I want to get other camera but not sure which should I get between the two.  I will keep my 50D.  

Thank you,


----------



## kalgra (Nov 5, 2016)

I assume you mean 7D mkII not 70D mkII as there is no mkII for the 70D, that would be the 80D. In either case these are very different cameras. Based on your other post about wanting to do portraits and what not combined with the EF lenses you have stated you already own I would think you would want the full frame option which is the 5D.


----------



## zombiesniper (Nov 5, 2016)

The only advantage the 7dmk2 has is the auto focus and fps but not by enough that it would matter for swimming. The better low light performance of the 5dmk3 would benefit you more for swimming.


----------



## kalgra (Nov 5, 2016)

Actually looking at your signature if you own the Sigma 18-35mm f/1.8 DC ASM Art lens then you would want the 7D/70D as that is an APS-C lens and will not mount to the 5D. Also the fact that you have a 50D already tells me you should stay with crops sensor format unless you want to replace some of your lenses to use on the 5D.

Hope that makes sense.


----------



## TonyUSA (Nov 5, 2016)

Sorry It is 7D mkII not 70D.  Thank you all for your suggestions.


----------



## beagle100 (Nov 5, 2016)

TonyUSA said:


> Sorry It is 7D mkII not 70D.  Thank you all for your suggestions.



the full frame 5D3 is better for low light but the quality of lens is most important


----------



## goodguy (Nov 5, 2016)

The way I see it No Contest!
5D III al the way!!!


----------



## TonyUSA (Nov 6, 2016)

Thank you,


----------



## TonyUSA (Nov 6, 2016)

I will do 5D iii and will keep 50D with Sigma 18-35.  Thank you so much everyone for your help.


----------



## TCampbell (Nov 7, 2016)

A 5D III and 7D II are really in different categories.  Both are high-end cameras.

The 7D II is optimized for action photography... it has a blazingly fast shutter burst speed.  

The 5D III has a larger full-frame sensor and the sensor is more sensitive to low light with less noise at high ISO. 

The 5D II had a primitive focus system but the 5D III got the same focus system that the 1D X has (with one minor nuance).  The 7D II basically got the same focus system, but it's been slightly improved.  Also because the 7D II has a smaller sensor (APS-C) the "coverage area" of the AF points appear more spread across the sensor (on the 5D III they don't reach as far into the edges of the sensor.)

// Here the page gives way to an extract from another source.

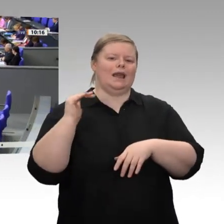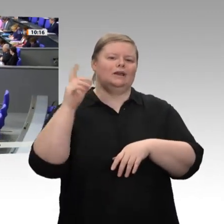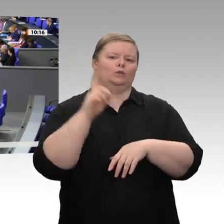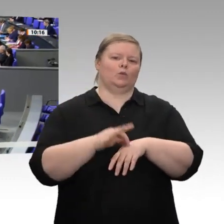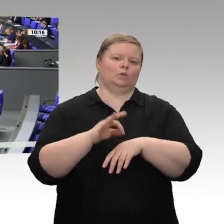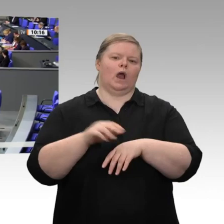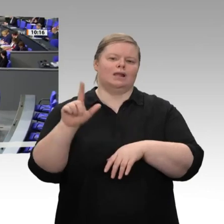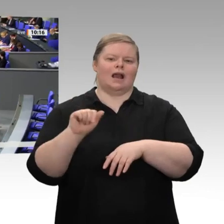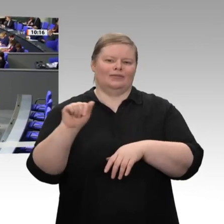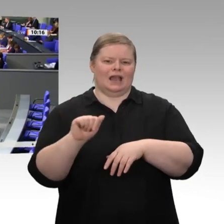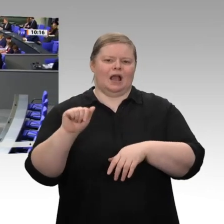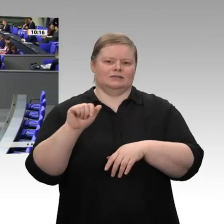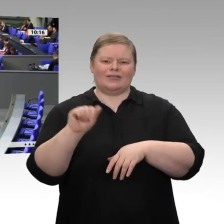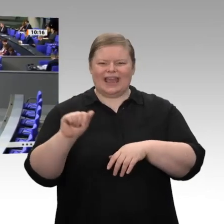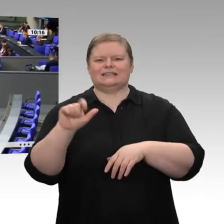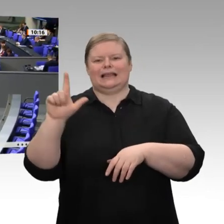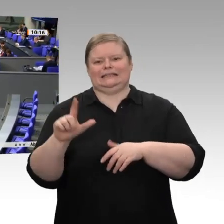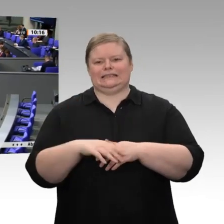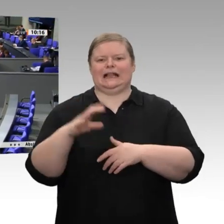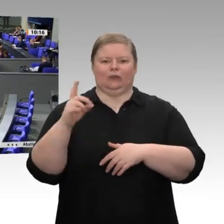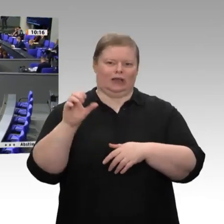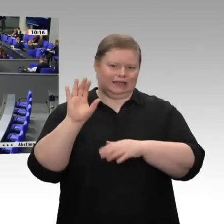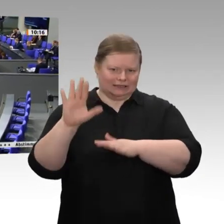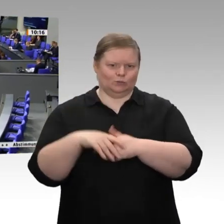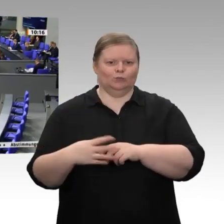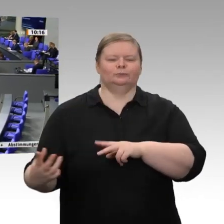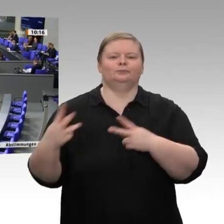Sehr geehrter Herr Präsident! Sehr geehrte Damen und Herren! Liebe Kolleginnen und Kollegen!

For this reason, the 5D III's focus system is actually extremely good (among the best in the industry) for action photography, but it cannot compete with the rapid burst speed of the 7D II for action photography.

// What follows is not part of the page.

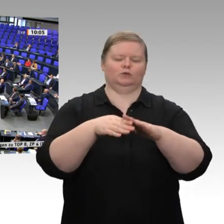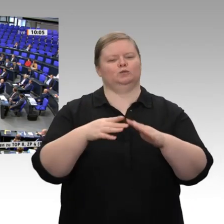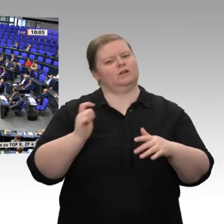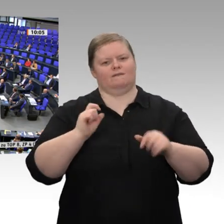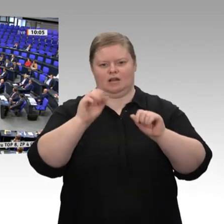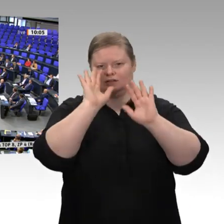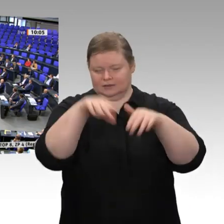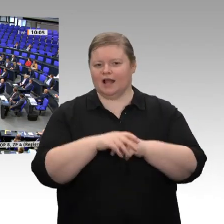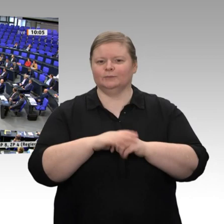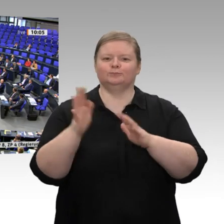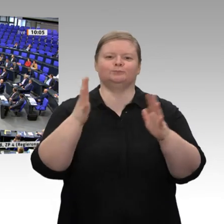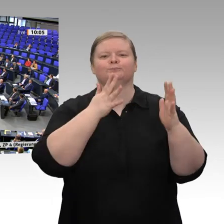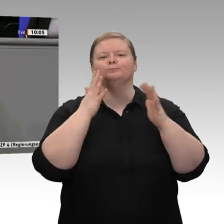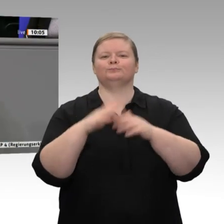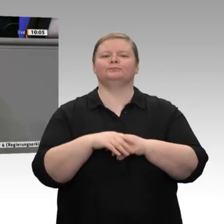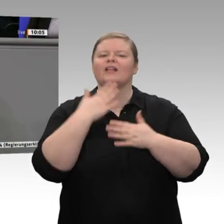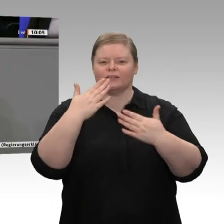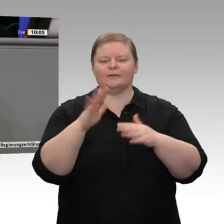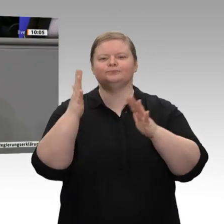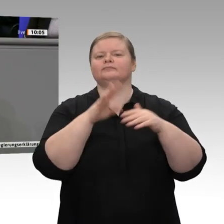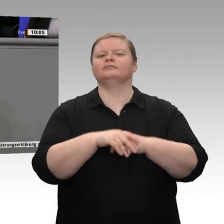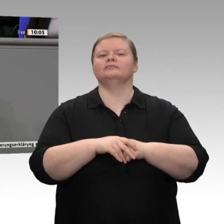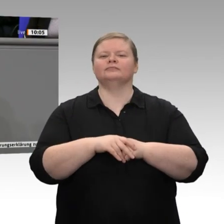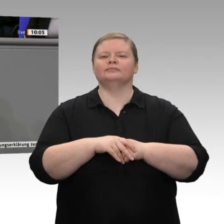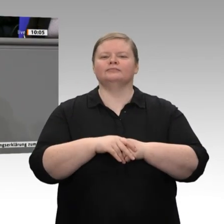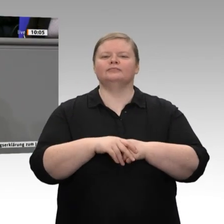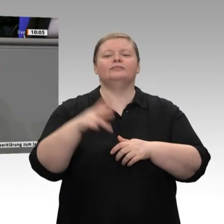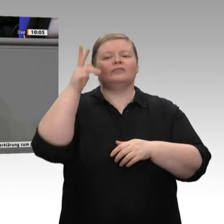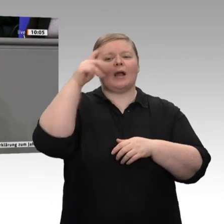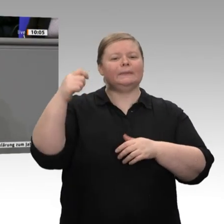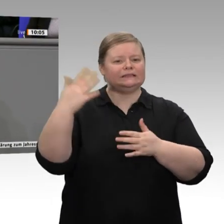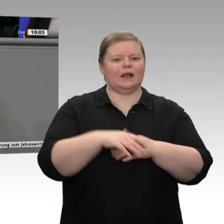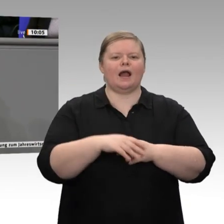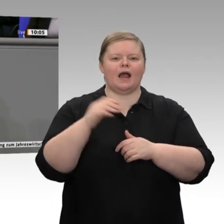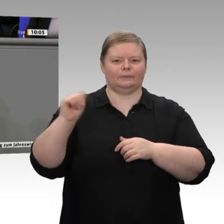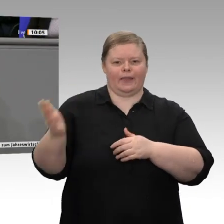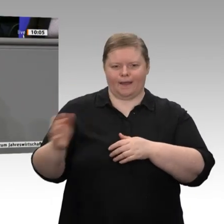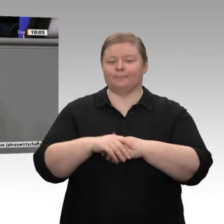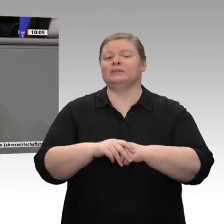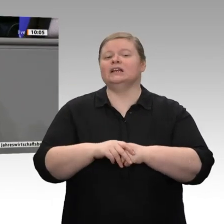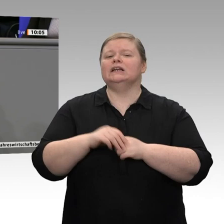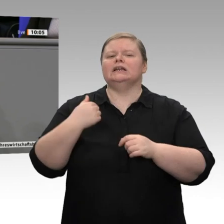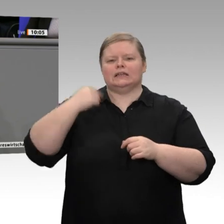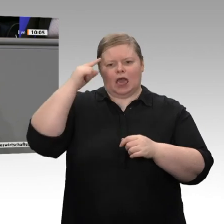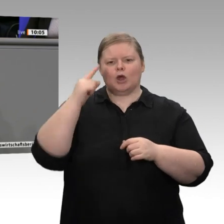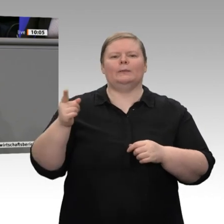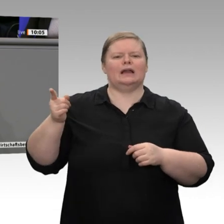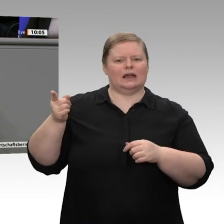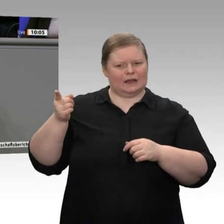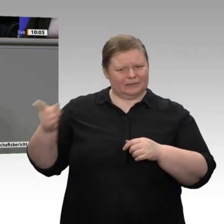Ich glaube, er ist besser in der CDU aufgehoben. Da muss man mehr besser machen als bei der FDP, wenn es um Wirtschaftsfragen geht.

If you're doing "action" (sports, wildlife in motion, etc.) then you probably want a 7D II.

If you're doing mostly non-action photography (landscape, nature, portraiture, and especially anything involving low light) then you probably want a 5D III. 

So it's hard to say one is "better" than the other... since they are optimized toward slightly different usage.

But one last difference on the lens topic...  

Canon EOS cameras that use APS-C size sensors (like the 7D II) can use ANY Canon EOS lens (past, present, and presumably future) with the exception of the special "EOS M" lenses that are designed for use exclusively with the "Mirrorless" EOS bodies (the EOS "M" series bodies).   That means you can use any EF, EF-S, or the specialty lenses like the MP-E, or TS-E lenses as well as any 3rd party lens designed for Canon EOS cameras.

Canon EOS cameras with larger sensors (full-frame like the 5D III and there were some cameras with APS-H sensors but they don't make APS-H sensor cameras anymore) cannot use the "EF-S" lenses.  They can use any EF, MP-E, or TS-E lens... just not the EF-S lenses.

The EF-S lenses take advantage of the fact that since the sensor is smaller, then the image circle projected into the lens can also be smaller and this can be used to reduce the size of the entire lens (and it saves money).  But these lenses are specifically designed for use with cameras that have APS-C size sensors (like the 7D II).


----------



## TonyUSA (Nov 7, 2016)

Thank you, Tim.


----------



## lance70 (Nov 28, 2016)

I would say the 5d Mk3....good reasons stated above... I still shoot with the the 5d Mk2 and for what I shoot there is no reason for me to upgrade....I imagine the Mk3 would handle action shots just fine.


----------